China More Market Than Many Realize, Internal Finance Risk Edition

Caixin: In Depth: Risks Are Building Up in China’s Internal Finance Companies
In China, these internal finance companies are the subsidiaries set up by conglomerates and other companies to help manage their funds and keep financial risks under control. In some ways, they operate much like the treasury departments of large Western companies — regularly borrowing and lending out money to peers through a variety of short-term debt instruments such acceptance bills and commercial paper. These financial tools help companies cover expenses like payroll as they come up without having to dip into reserves that might be locked up in longer-term investments. At the same time, companies with extra cash on hand can use these same debt instruments to lend out idle funds to other companies in need of short-term funding.

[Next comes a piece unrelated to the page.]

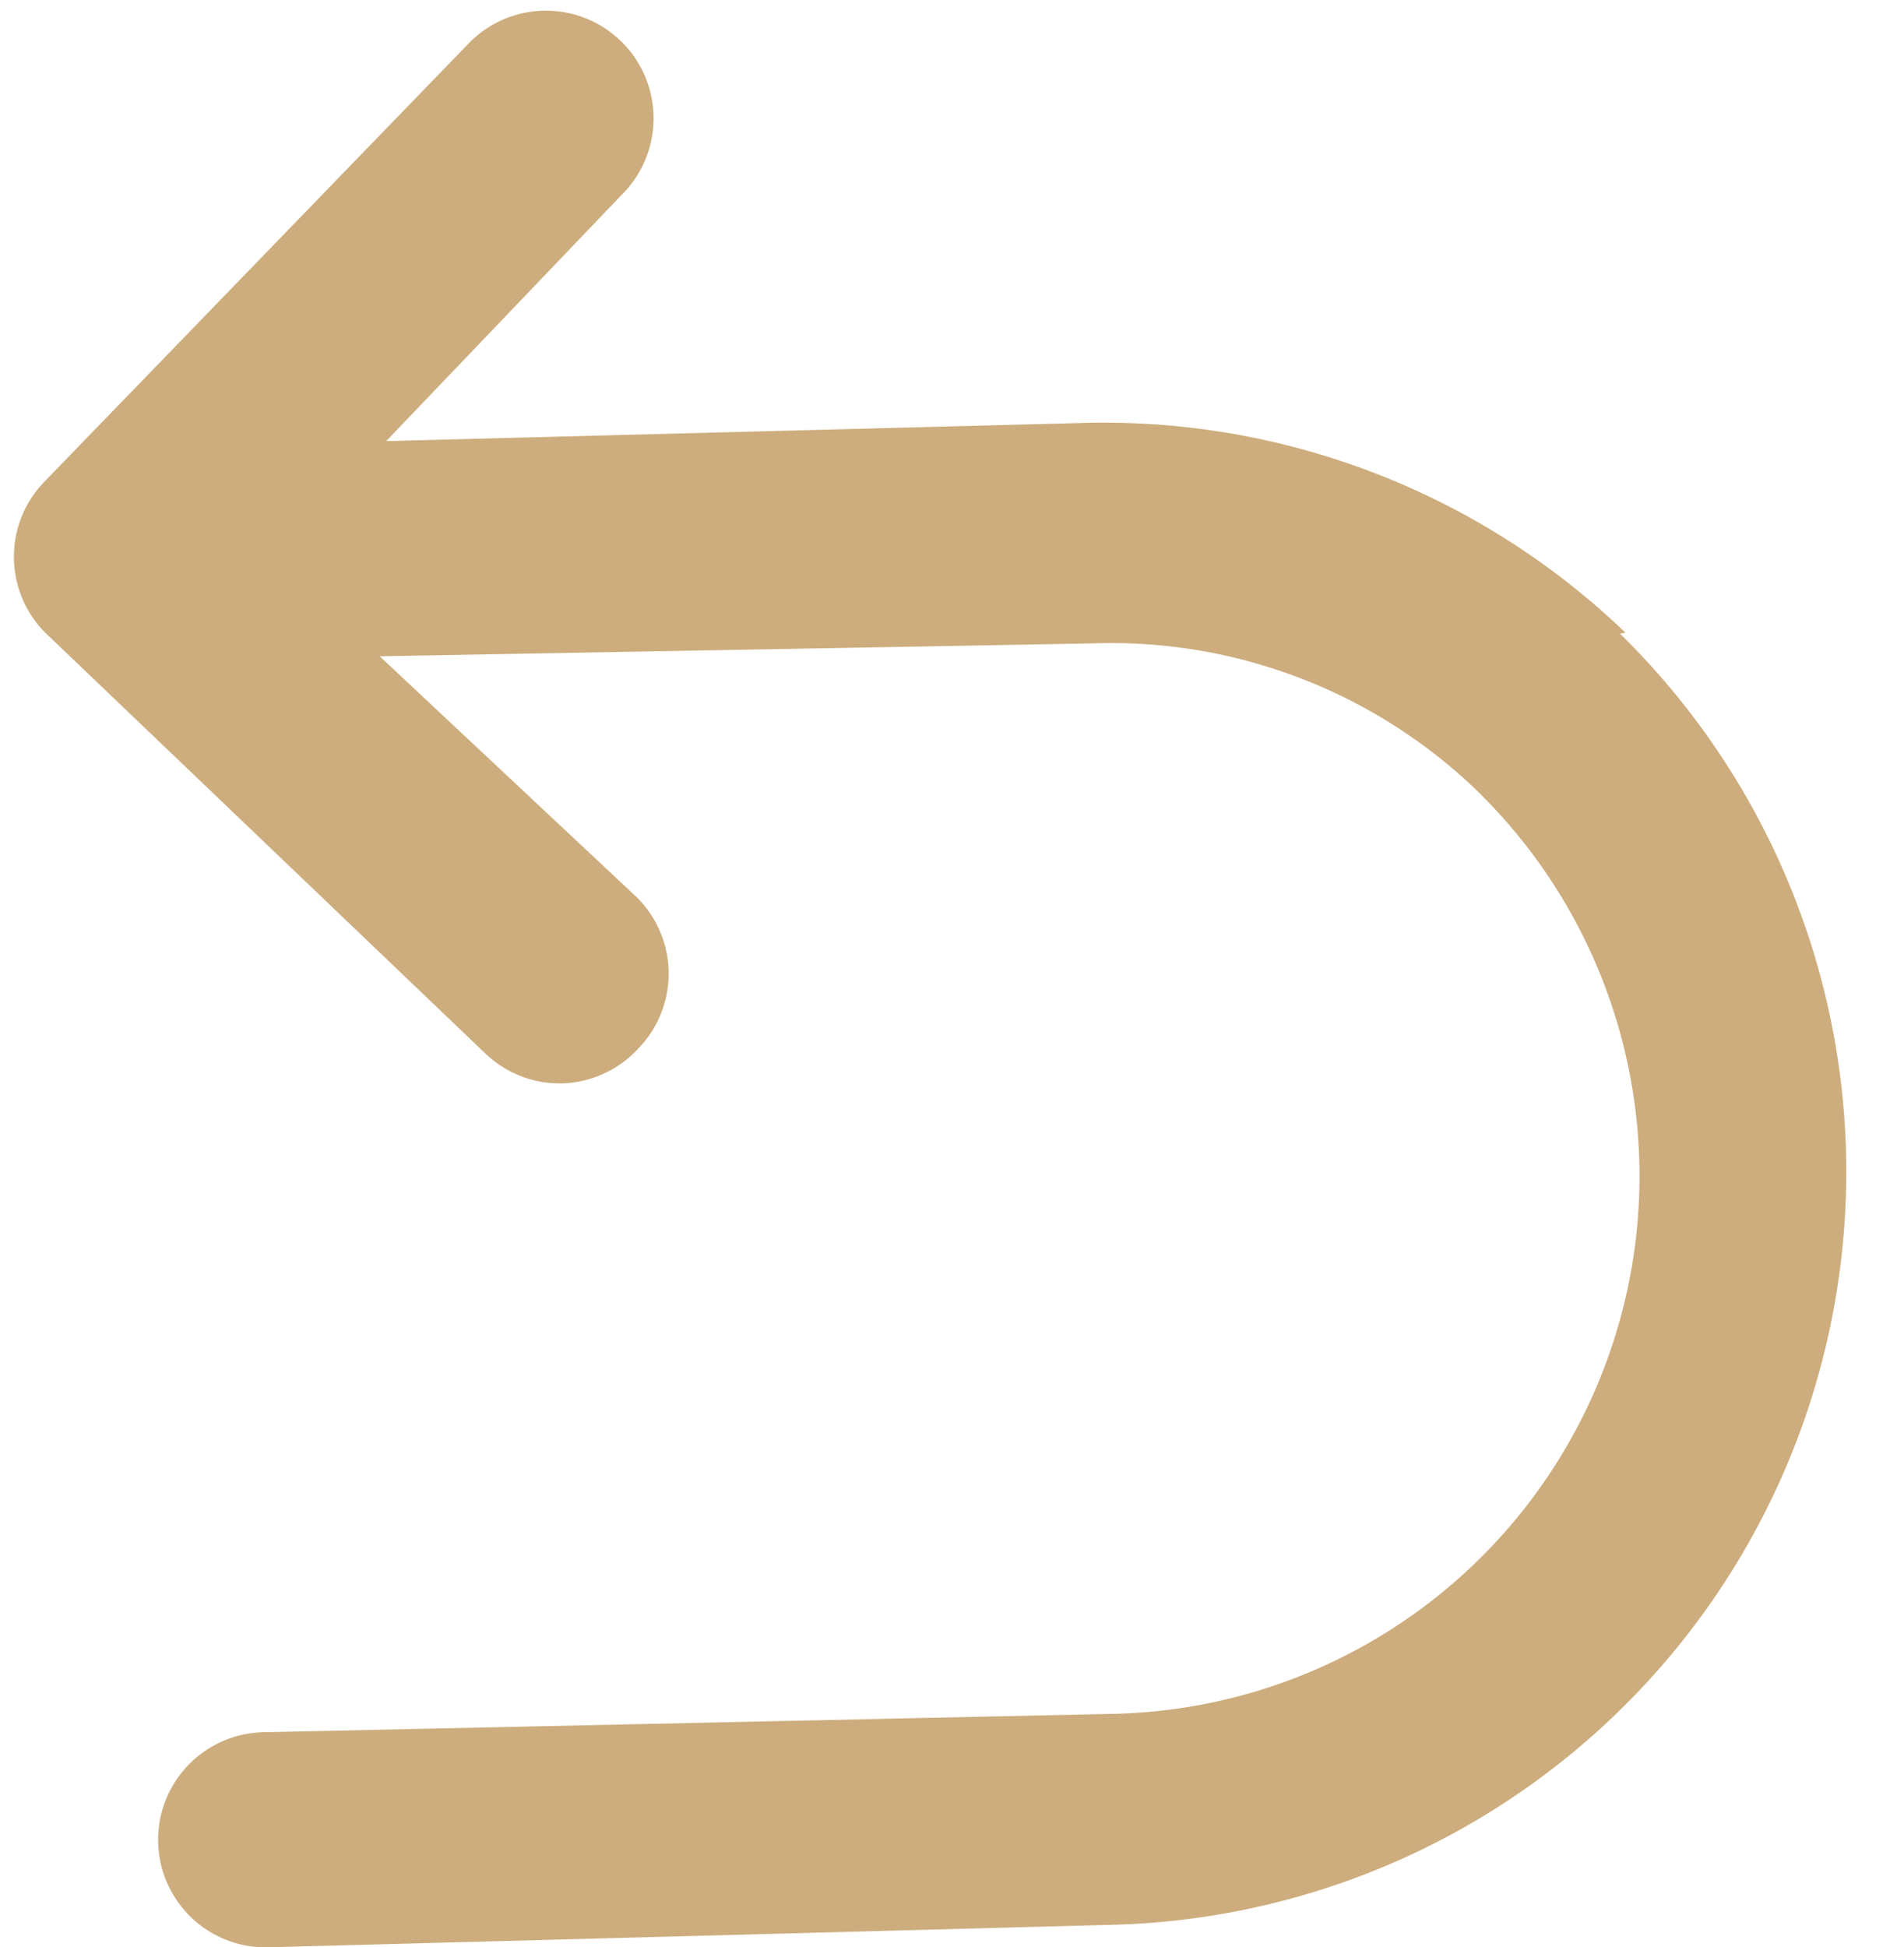 <?xml version="1.0" encoding="UTF-8" standalone="no"?><svg xmlns="http://www.w3.org/2000/svg" xmlns:xlink="http://www.w3.org/1999/xlink" fill="#cdad7d" height="18.1" preserveAspectRatio="xMidYMid meet" version="1" viewBox="7.3 6.9 17.7 18.1" width="17.7" zoomAndPan="magnify"><g data-name="Layer 2" id="change1_1"><path d="M22.41,12.78a7,7,0,0,0-5-1.95L10.89,11l2.19-2.29a1,1,0,0,0,0-1.42,1,1,0,0,0-1.41,0L7.72,11.37a1,1,0,0,0,0,1.41l4.09,3.91a1,1,0,0,0,.69.28,1,1,0,0,0,.72-.31,1,1,0,0,0,0-1.42L10.83,13l6.63-.12A4.9,4.9,0,0,1,21,14.22a5,5,0,0,1-3.38,8.61L9.77,23a1,1,0,0,0,0,2h0l7.87-.21a7,7,0,0,0,4.72-12Z" fill="inherit"/></g></svg>

Gradually, however, China’s growing number of finance companies have been scaling up their fundraising via other financial instruments such as bond issuances and large certificates of deposit. They also began using acceptance bills and commercial paper in leveraged financing, with added to the risk of such deals. Regulations have not kept up.
The difference between China and the United States shadow banking system is that where the U.S. can rely on contract law and theoretically (2008 aside), both lender and borrower assume the risk of the transaction, in China there is the assumption of a government backstop. Credit growth had little to no breaks because most participants assume the worst outcome is waiting for return of principal in a case of default.

Credit bubbles do not burst when credit growth stops. Credit bubbles burst when the rate of growth slows. Deleveraging was aborted in 2015 and 2016 because it was tipping into a financial and economic crisis. Is this time different?